GoQuery is a package for Go that provides a set of features to scrape and manipulate HTML documents similarly to jQuery. To scrape HTML tables into structured data using GoQuery, you'll need to perform the following steps:
Install GoQuery: If you haven't already installed GoQuery, you can do so using Go's package manager:
go get github.com/PuerkitoBio/goquery
Fetch the HTML content: Use Go's standard
net/http
package to fetch the HTML content you want to scrape.Parse the HTML content with GoQuery: Once you've got the HTML content, you can load it into GoQuery and start querying the document.
Iterate over the table rows: Find the table and iterate over its rows, extracting the columns (cells) into your structured data format.
Here's a complete example of how to use GoQuery to scrape data from an HTML table:
package main
import (
"fmt"
"log"
"net/http"
"github.com/PuerkitoBio/goquery"
)
func scrapeTable(url string) ([]map[string]string, error) {
// Fetch the HTML page.
res, err := http.Get(url)
if err != nil {
return nil, err
}
defer res.Body.Close()
if res.StatusCode != 200 {
return nil, fmt.Errorf("status code error: %d %s", res.StatusCode, res.Status)
}
// Load the HTML document into GoQuery.
doc, err := goquery.NewDocumentFromReader(res.Body)
if err != nil {
return nil, err
}
var data []map[string]string
// Find the table and iterate over its rows.
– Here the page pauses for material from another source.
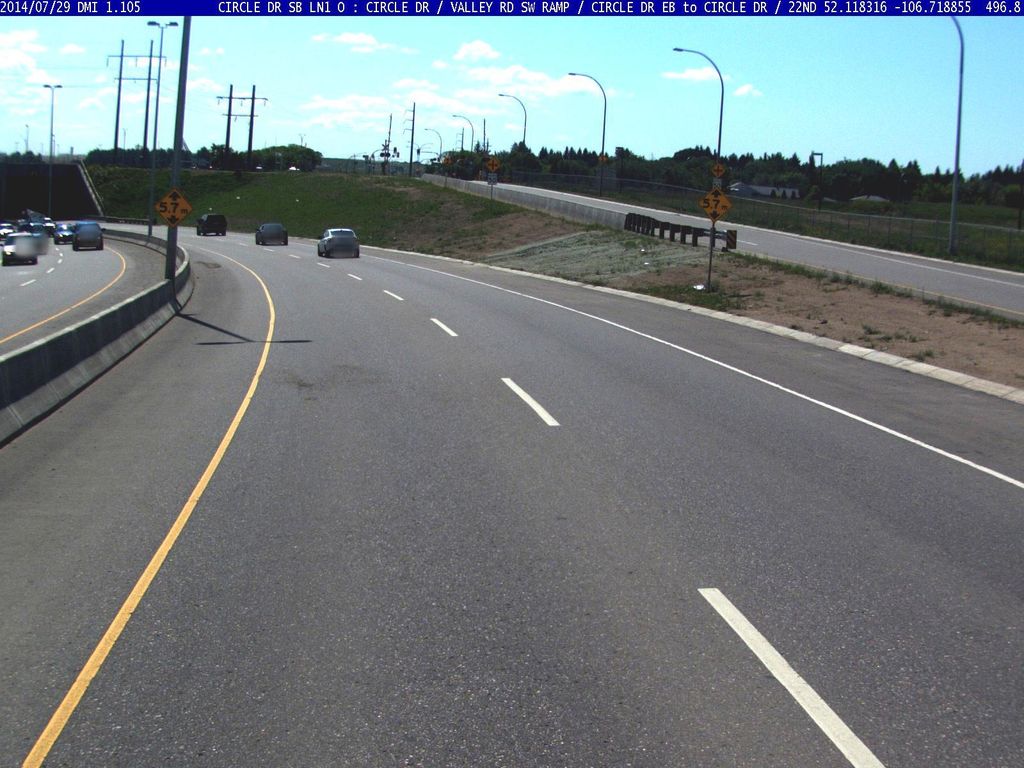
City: saskatoon

doc.Find("table.my-table-selector tbody tr").Each(func(i int, row *goquery.Selection) {
// For each row, find the cells.
var rowData map[string]string
row.Find("td").Each(func(j int, cell *goquery.Selection) {
// Use the cell's index or a known header to create structured data.
// For example, if you know the headers of the table:
switch j {
case 0:
rowData["Header1"] = cell.Text()
case 1:
rowData["Header2"] = cell.Text()
// Add more cases as needed.
}
})
data = append(data, rowData)
})
return data, nil
}
func main() {
url := "http://example.com/table.html"
tableData, err := scrapeTable(url)
if err != nil {
log.Fatal(err)
}
// Do something with the scraped table data.
fmt.Println(tableData)
}
In this example, scrapeTable
is a function that takes a URL, fetches the HTML content, parses it with GoQuery, and then iterates over the rows of the table with the selector table.my-table-selector
. For each row, it creates a map of strings representing the structured data for that row. You'll need to adjust the selector table.my-table-selector
to match the actual selector of the table you want to scrape.
Finally, the main
function calls scrapeTable
with the URL of the page containing the table and prints out the structured data. You would replace "http://example.com/table.html"
with the actual URL of the table you want to scrape.
Remember to handle the structure of the table properly. If the table has headers, you may want to use them to create the keys for your structured data maps. If not, you can rely on the column index, as shown in the switch statement in the example.